Naftali Harris

Map Transformation

March 23, 2018

Note: I was describing my map transformation project to Sasha Trubetskoy recently, who is even more into maps than I am. This is a project I completed in March 2011 with Shir Yehoshua for a CS class, where we transformed a map of Washington DC so that the Euclidean distances on the transformed map became more proportional to travel times. I've described this project many times over the years to various friends, and figured that it was long past time I wrote it up. What follows is a write-up that's partly based on contemporaneous emails I wrote about this project, and partly based on my now-hazy recollection:

I conceived the idea for this project during the summer of 2010 in Peru, while my travel partner and I were on a bus on a rocky, windy, dirt road somewhere in the very rural part of the country. It was an ongoing joke between us that all the budgeting of our time we had done before the trip was worthless, since some things took much longer or shorter than our estimates. In the most egregious case, I thought that since the city of Chachapoyas was only something like 50 km both from a waterfall and from a large fortress, we could see one in the morning, the other in the afternoon, and then check out part of the city in the evening. In fact, it turned out that because of the terrible road quality and the only sporadic availability of transport, the falls alone took an entire day and the fortress was an overnighter.

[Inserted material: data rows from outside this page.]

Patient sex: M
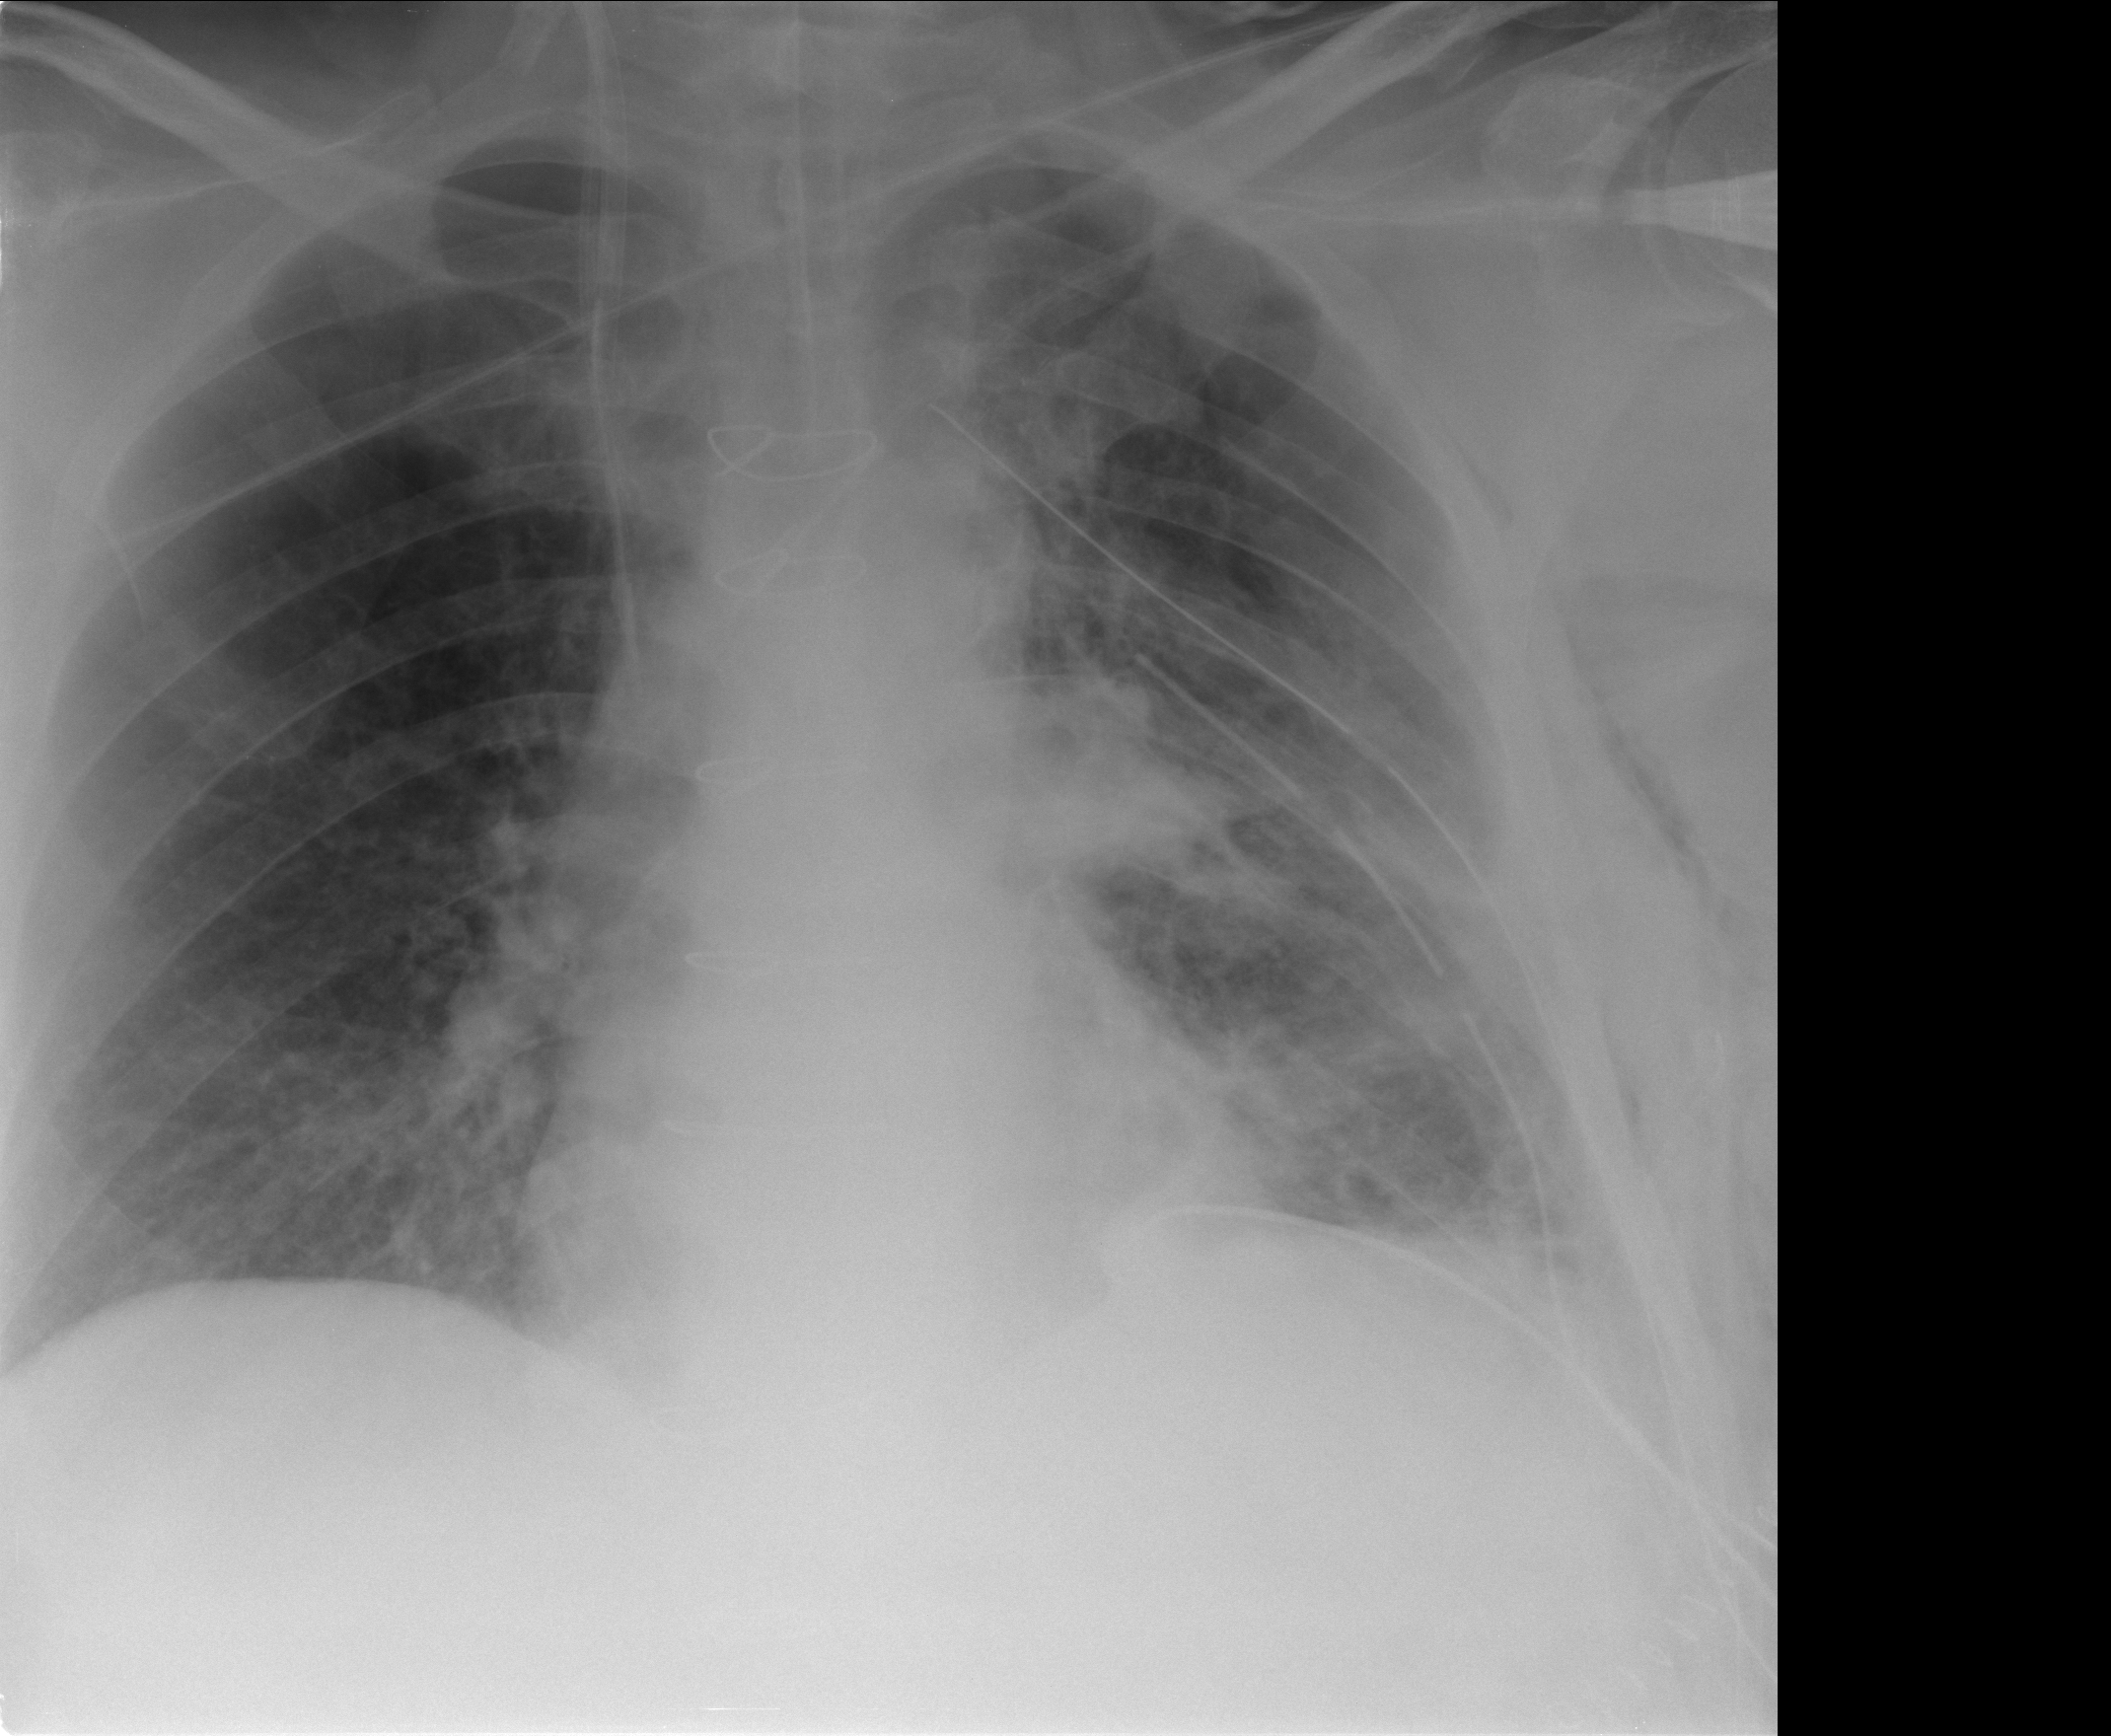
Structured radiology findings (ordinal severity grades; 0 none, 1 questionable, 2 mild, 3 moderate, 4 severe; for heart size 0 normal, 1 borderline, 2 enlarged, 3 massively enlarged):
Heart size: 0
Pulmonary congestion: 2
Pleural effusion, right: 0
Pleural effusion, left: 2
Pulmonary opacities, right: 0
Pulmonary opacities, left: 0
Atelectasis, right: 2
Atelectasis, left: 2
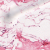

This trip took way longer than we thought.

This got me thinking that the maps we were relying upon had been in a certain sense misleading. For human beings, two locations are far away from each other not if they are separated by many miles, but rather if it takes many hours to travel between them. Physical maps can misrepresent geography because some locations appear close but are in fact far, and some locations appear far but are in fact close. On that bus I had this idea: What if you could take a map and transform it so that the distances on the transformed map were aligned more closely with travel times? This transformed map would then be a more honest representation of the geography for human purposes.

We ended up choosing to transform a map of the Washington DC area instead of Peru or some other place because most of the area on an image of Washington is accessible by car, (unlike, Peru, which has a lot of jungles, mountains, and rural areas, or a coastal city, with the ocean nearby). The reason it's hard to use a coastal city or an area with a lot of wilderness is that the time distance between two points, if one of them is in the wilderness or water, is huge, (you'd have to walk or swim). As a result, on the transformed map any wilderness or water areas should "blow up" to represent the large time-distance to and within them. This would make the resulting map uninformative (and look dumb).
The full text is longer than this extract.